▶ _Activity_: Lines from the one containing "A: Unusually wide." to the end of the records, both ends included and exactly as written, are the whole answer, and no pictures go in it.

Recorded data
□ □ □ □ □
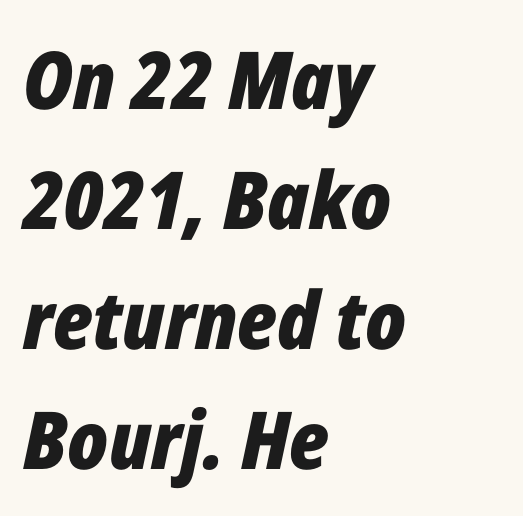
Q: Is the text bold? A: Yes.
Q: Is the text italic (slanted)? A: Yes, it leans right by about 12 degrees.
Q: Is the text underlined? A: No.
Q: How is the paragraph aligned? A: Left-aligned.
Q: Is the spacing between letters normal or unusually wide? A: Normal.
Q: Is the spacing between lines tight, normal or loose? A: Normal.
Q: Width (condensed, normal, or wide)? A: Condensed.
Q: Stroke contrast? A: Low.
Q: x-height? A: Medium.
Q: Monospaced? A: No.
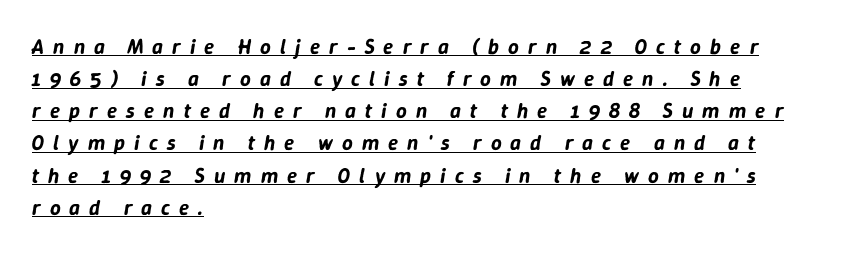
Q: Is the text italic (slanted)? A: Yes, it leans right by about 9 degrees.
Q: Is the text underlined? A: Yes.
Q: How is the paragraph aligned? A: Left-aligned.
Q: Is the spacing between letters normal or unusually wide? A: Unusually wide.
Q: Is the spacing between lines tight, normal or loose? A: Normal.
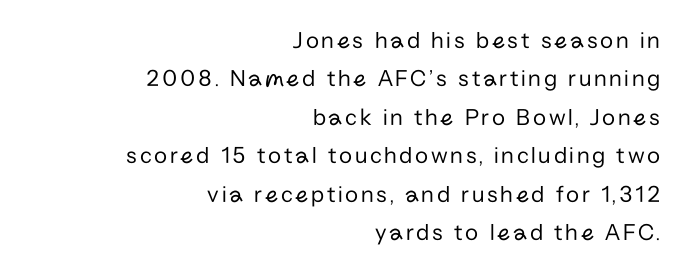
Q: Is the text bold? A: No.
Q: Is the text italic (slanted)? A: No, it is upright.
Q: Is the text underlined? A: No.
Q: How is the paragraph aligned? A: Right-aligned.
Q: Is the spacing between lines tight, normal or loose? A: Normal.
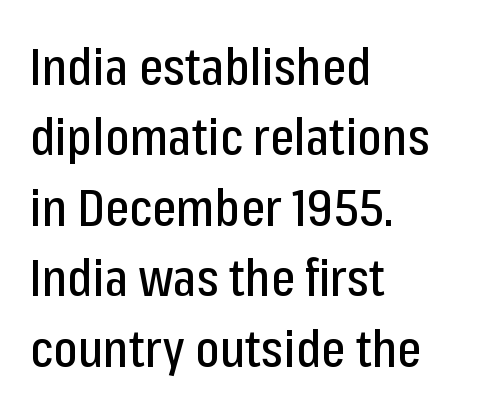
□ □ □ □ □
▶ _Response to this task_:
Q: Is the spacing between letters normal or unusually wide? A: Unusually wide.
Q: Is the spacing between lines tight, normal or loose? A: Normal.
Q: Is the text bold? A: No.
Q: Is the text italic (slanted)? A: No, it is upright.
Q: Is the text underlined? A: No.
Q: How is the paragraph aligned? A: Right-aligned.
Q: Is the spacing between lines tight, normal or loose? A: Normal.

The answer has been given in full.